10 thoughts on “Village People and other tales

  1. I’m reading an autobiography of Alan Ginsberg just now, so right in that same groove. As for the Fugs: a long time since I heard ‘Do you like boobs a lot?’ and ‘Trying to forge the deep deep river of shit’…

  2. Went to the Village many times and Listened to the Fugs and Booker T. Zappa and Curtis Mayfield. Donovan and Major Lance.

  3. Ah, the Fugs. Not well known in England but known by ME because:

    I left school, shy and lacking confidence (a callow youth, as the novelists have it). I went to Barcelona where my father had recently been posted. My father sent me round to see the son of a colleague, slightly older than me, but who had long hair and ‘liked pop music’. (A dodgy thing for a Spanish youth in Franco’s Spain

    I arrived to find him and a couple of mates plus girlfriends. They were friendly enough but I spoke no Spanish and they hardly any English. Having ascertained that I didn’t smoke pot, didn’t play guitar (or any musical instruments) and didn’t have a girlfriend my host asked me if I could help translate something and put on an album by The Fugs

  4. Our crowd were regulars at Café Wha….

    I remember seeing Richard Pryor there, his first gig. Mind blowing for a white boy from Flatbush. Despite, or even maybe because of, the $5 rum and cokes served to 14 year olds.

    I think we also went to Café Au Go Go a lot. I remember seeing Jefferson Airplane there, probably 1967, equally mind blowing.

    ….We wore long wool winter coats we bought on the Bowery. Aviator shades we bought at the Army/Navy surplus on 2nd avenue.

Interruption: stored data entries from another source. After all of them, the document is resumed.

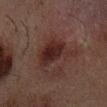  biopsy_status: not biopsied; imaged during a skin examination
  automated_metrics:
    area_mm2_approx: 14.0
    shape_asymmetry: 0.4
    lesion_detection_confidence_0_100: 100
  image:
    source: total-body photography crop
    field_of_view_mm: 15
  lesion_size:
    long_diameter_mm_approx: 5.0
  site: mid back
  patient:
    sex: male
    age_approx: 50
  lighting: cross-polarized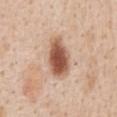Clinical impression:
The lesion was tiled from a total-body skin photograph and was not biopsied.
Image and clinical context:
Approximately 5 mm at its widest. The lesion is on the abdomen. A roughly 15 mm field-of-view crop from a total-body skin photograph. A male subject, roughly 60 years of age.

  5. Oh RK those were eye-opening days crawling the Village, hanging at the Wha, the Airplane at the a-go-go and the shows at the old Village Theatre, (Richard you left out the smell of piss), before it became the Fillmore East. It was a magical path for young innocents

  6. Who wasn’t around those few blocks back then who was worth a shit in music, comedy, etc? … Dylan, McGuinn, Phil Ochs, Carlin, Lenny Bruce (arrested at Au Go Go), Baez, Joni Mitchell, Mama Cass, John Sebastian …. on and on … we tried to find Dylan at the Gaslight and some other little joints one night but couldn’t …. read the Wikipedia article on The Bitter End for a pretty comprehensive (and amazing) list … I saw a few years ago Electric Lady studios is still around over on West Fourth

  7. The first time I saw The Fugs, it was on a triple-bill with the Velvet Underground (with Nico) and the Grateful Dead (with Pigpen). The second and last time was in Cambridge. My high school band was kicked out of a battle-of-the-bands once for playing “I Couldn’t Get High”.